[Opening Study material section]
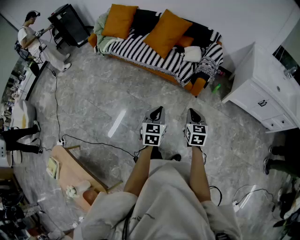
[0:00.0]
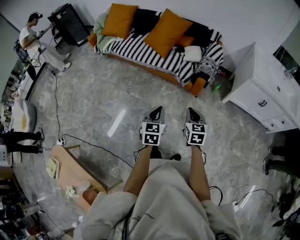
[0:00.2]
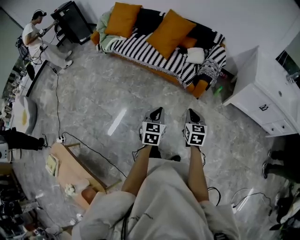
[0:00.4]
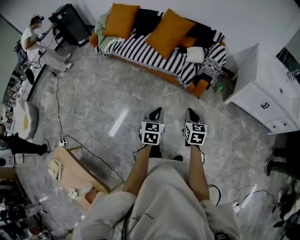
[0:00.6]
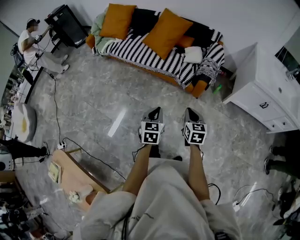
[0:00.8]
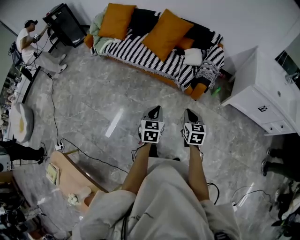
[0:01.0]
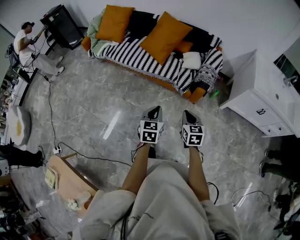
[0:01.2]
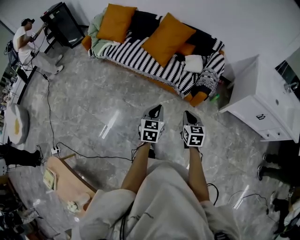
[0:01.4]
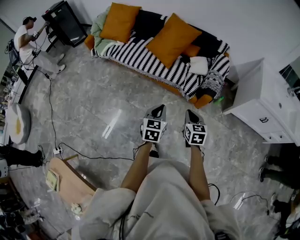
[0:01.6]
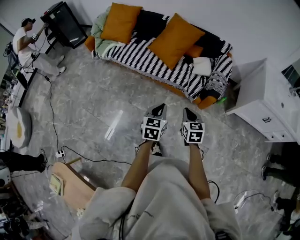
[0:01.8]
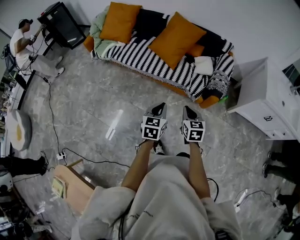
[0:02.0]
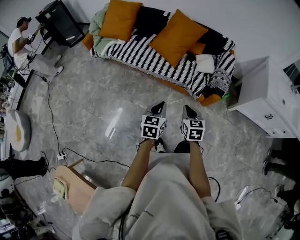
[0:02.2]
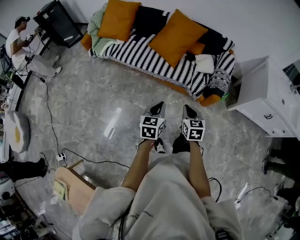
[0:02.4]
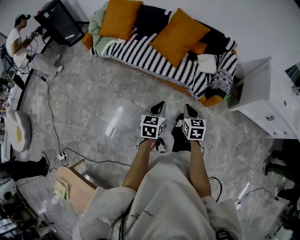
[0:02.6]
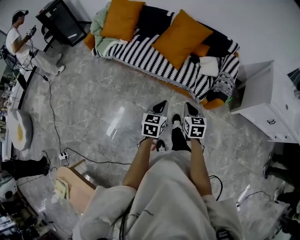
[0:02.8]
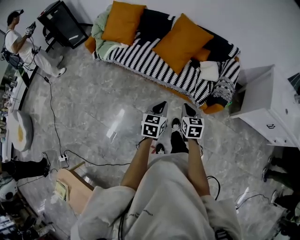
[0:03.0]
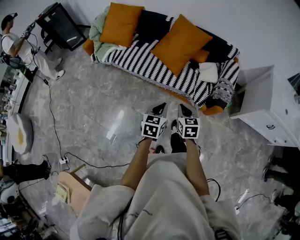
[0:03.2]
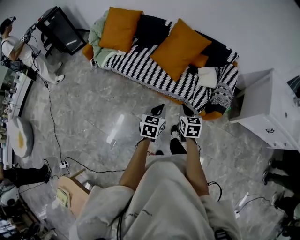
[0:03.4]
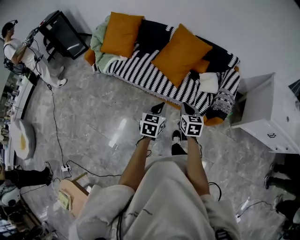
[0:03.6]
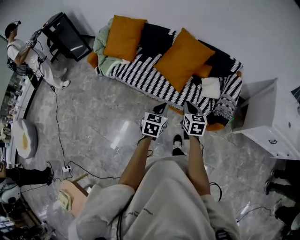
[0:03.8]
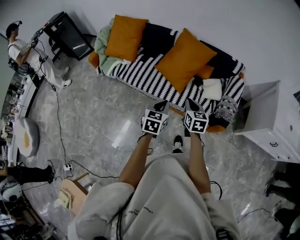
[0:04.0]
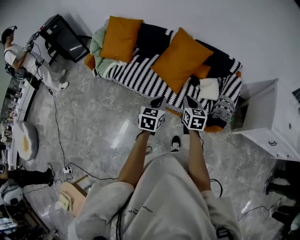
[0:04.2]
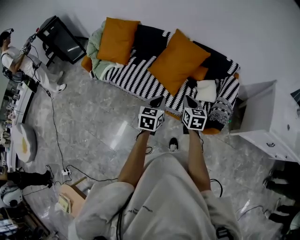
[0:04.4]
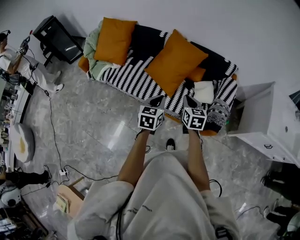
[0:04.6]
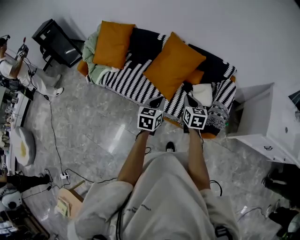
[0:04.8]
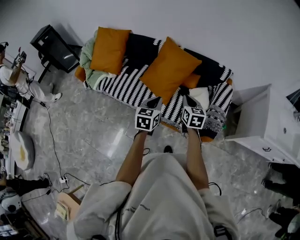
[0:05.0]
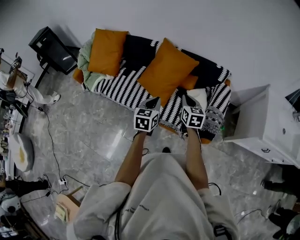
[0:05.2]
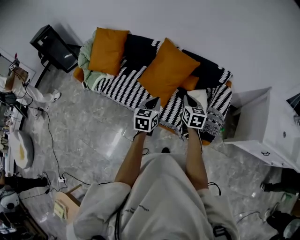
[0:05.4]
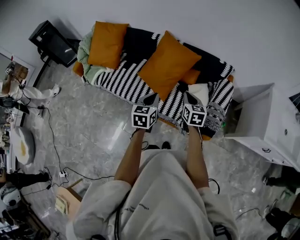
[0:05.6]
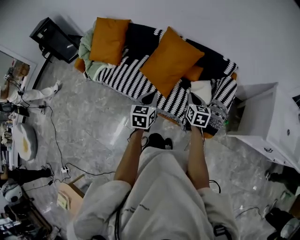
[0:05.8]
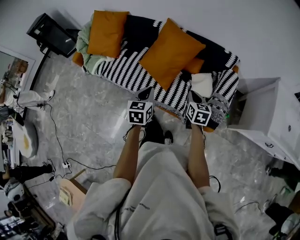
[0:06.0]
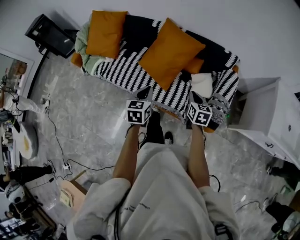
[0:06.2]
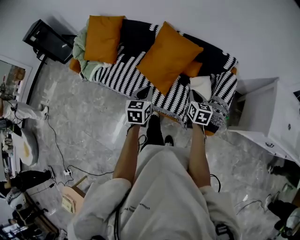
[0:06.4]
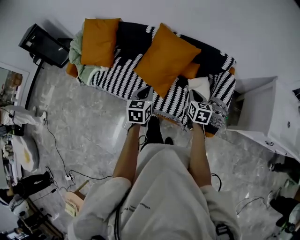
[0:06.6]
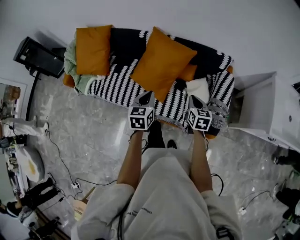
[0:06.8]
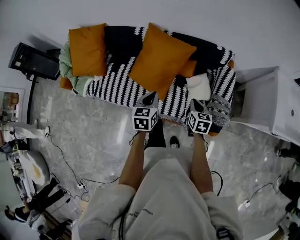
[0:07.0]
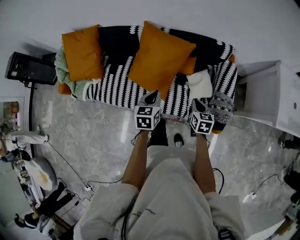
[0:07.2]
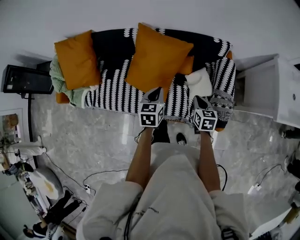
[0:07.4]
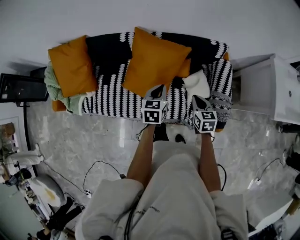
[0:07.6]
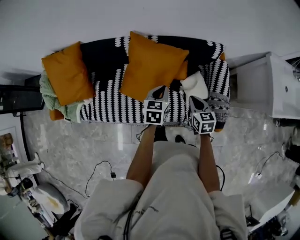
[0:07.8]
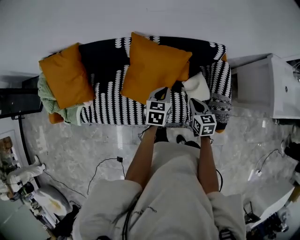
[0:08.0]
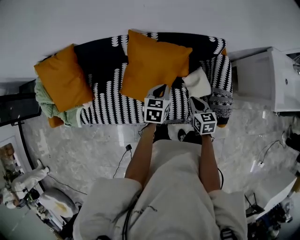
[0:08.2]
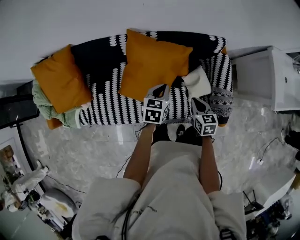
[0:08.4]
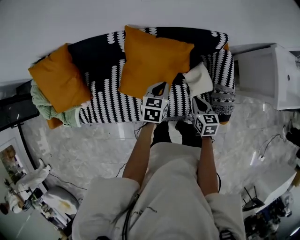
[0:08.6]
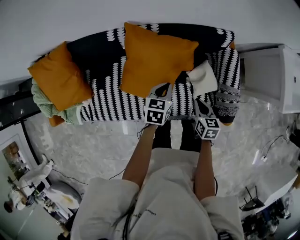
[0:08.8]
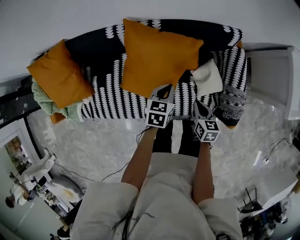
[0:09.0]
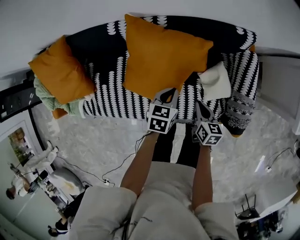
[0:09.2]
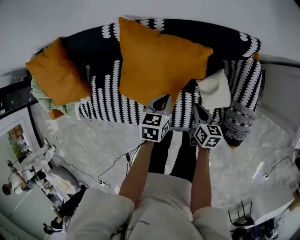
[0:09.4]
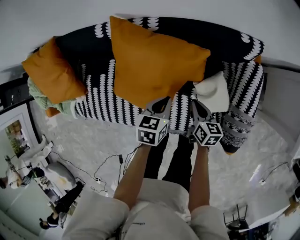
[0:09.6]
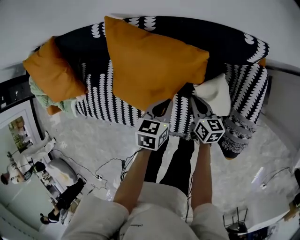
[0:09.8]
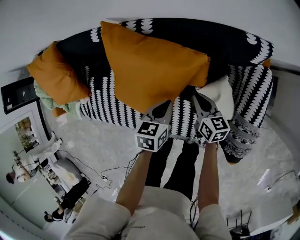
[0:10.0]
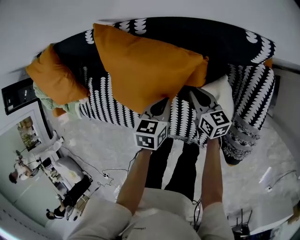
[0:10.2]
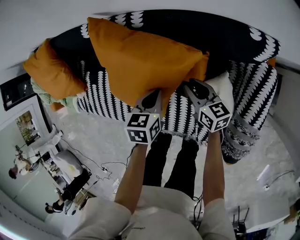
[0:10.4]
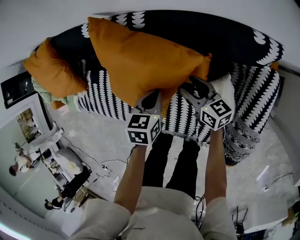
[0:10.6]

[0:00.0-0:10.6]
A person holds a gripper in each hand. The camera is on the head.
0:00.0 to 0:01.6: Both grippers move forward and to the left, some 20 cm.
0:01.6 to 0:03.0: The left gripper moves forward and to the left, approximately 15 cm. Meanwhile the right gripper shifts approximately 20 cm to the left and forward.
0:03.0 to 0:04.6: The two grippers go roughly 25 cm forward.
0:04.6 to 0:06.0: The right gripper shifts roughly 10 cm to the right, forward and downward. The left gripper moves forward, some 5 cm.
0:06.0 to 0:07.6: The left gripper shifts approximately 25 cm forward, and rotates roughly 20 degrees, while the right gripper heads forward, covering roughly 15 cm.
0:07.6 to 0:09.0: The left gripper heads downward and forward, covering some 15 cm. Meanwhile the right gripper goes about 10 cm downward.
0:09.0 to 0:10.6: The right gripper changes place by about 25 cm, and changes its angle by roughly 40 degrees. Meanwhile the left gripper shifts some 15 cm downward, and turns by roughly 20 degrees.
[Closing Study material section]
→ Exercise: Please return exactly the lines above, from where the listing starts to the line holding "[0:00.0-0:10.6]", inclusive, with the pictures omitted.

→ Finished exercise:
[0:00.0]
[0:00.2]
[0:00.4]
[0:00.6]
[0:00.8]
[0:01.0]
[0:01.2]
[0:01.4]
[0:01.6]
[0:01.8]
[0:02.0]
[0:02.2]
[0:02.4]
[0:02.6]
[0:02.8]
[0:03.0]
[0:03.2]
[0:03.4]
[0:03.6]
[0:03.8]
[0:04.0]
[0:04.2]
[0:04.4]
[0:04.6]
[0:04.8]
[0:05.0]
[0:05.2]
[0:05.4]
[0:05.6]
[0:05.8]
[0:06.0]
[0:06.2]
[0:06.4]
[0:06.6]
[0:06.8]
[0:07.0]
[0:07.2]
[0:07.4]
[0:07.6]
[0:07.8]
[0:08.0]
[0:08.2]
[0:08.4]
[0:08.6]
[0:08.8]
[0:09.0]
[0:09.2]
[0:09.4]
[0:09.6]
[0:09.8]
[0:10.0]
[0:10.2]
[0:10.4]
[0:10.6]

[0:00.0-0:10.6]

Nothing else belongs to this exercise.